The required answer is an exact copy of the records below, without pictures.

[Records shown Boundary: Start]

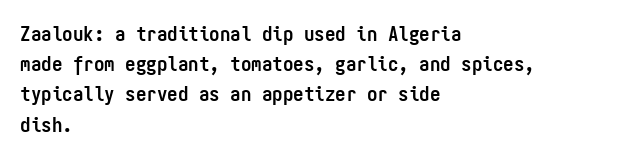
Q: Is the text bold? A: Yes.
Q: Is the text italic (slanted)? A: No, it is upright.
Q: Is the text underlined? A: No.
Q: How is the paragraph aligned? A: Left-aligned.
Q: Is the spacing between letters normal or unusually wide? A: Normal.
Q: Is the spacing between lines tight, normal or loose? A: Normal.

[Records shown Boundary: End]

• **Solution below**:
Q: Is the text bold? A: Yes.
Q: Is the text italic (slanted)? A: No, it is upright.
Q: Is the text underlined? A: No.
Q: How is the paragraph aligned? A: Left-aligned.
Q: Is the spacing between letters normal or unusually wide? A: Normal.
Q: Is the spacing between lines tight, normal or loose? A: Normal.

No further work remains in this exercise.